Another benefit is quizzes and surveys allow you to test knowledge rates and identify gaps that need to be addressed either with further communication or more training. It’s also a great way to measure readiness and confidence in an open-ended way by taking a temperature check of sorts with your employees, this can go a long way in improving confidence and boosting employee loyalty and retention. 

Retention tactic #6: Focus on task execution and consistency

Think internal communication is just about company updates and HR initiatives? Think again. Forward-thinking frontline organizations use their internal communications to also drive operational consistency and task execution. 

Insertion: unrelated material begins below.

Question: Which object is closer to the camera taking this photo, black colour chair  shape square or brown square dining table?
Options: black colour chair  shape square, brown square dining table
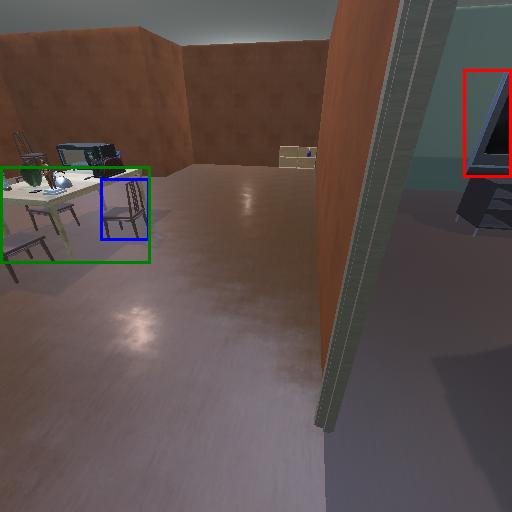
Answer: black colour chair  shape square

Think about it this way: your staff wants to do their job well. And they don’t like it when their role and tasks are too ambiguous. As Dr. Wendi Adair, Professor of Organizational Psychology, puts it in our Q&A on employee communication:

“Information is power. If you have information, it makes you feel capable and able to do what you need to do. It makes you feel able to help other employees. And that gives you a sense of well-being. We talk about it as power, but it’s really feelings of capability and competence and confidence. And then on the flip side is when you don’t have enough information. So maybe there’s something about your role that’s ambiguous. You don’t know exactly how you’re supposed to go about doing a certain procedure or task. Or maybe you have role conflicts – you have different supervisors asking you to attend to different things and you haven’t been given clear instructions on how to prioritize. That lack of information leads to feelings of uncertainty. Which leads to stress, and would decrease employees’ psychological well-being.”

And, of course, no one likes to feel stressed. When a workforce doesn’t have a clear sense of roles and tasks, there’s a much higher risk for turnover. On the other hand, when organizations leverage a internal communication tool or platform that clearly assigns tasks and reinforces processes (psst… we know of a great one), employee productivity, engagement, and retention will soar. 

The more interactive and engaging your communications, the better received they’ll be by your frontline staff. And the better they are received, the more of an impact they’ll have on your employee retention. It may be a bit more challenging but also very rewarding – for you and them.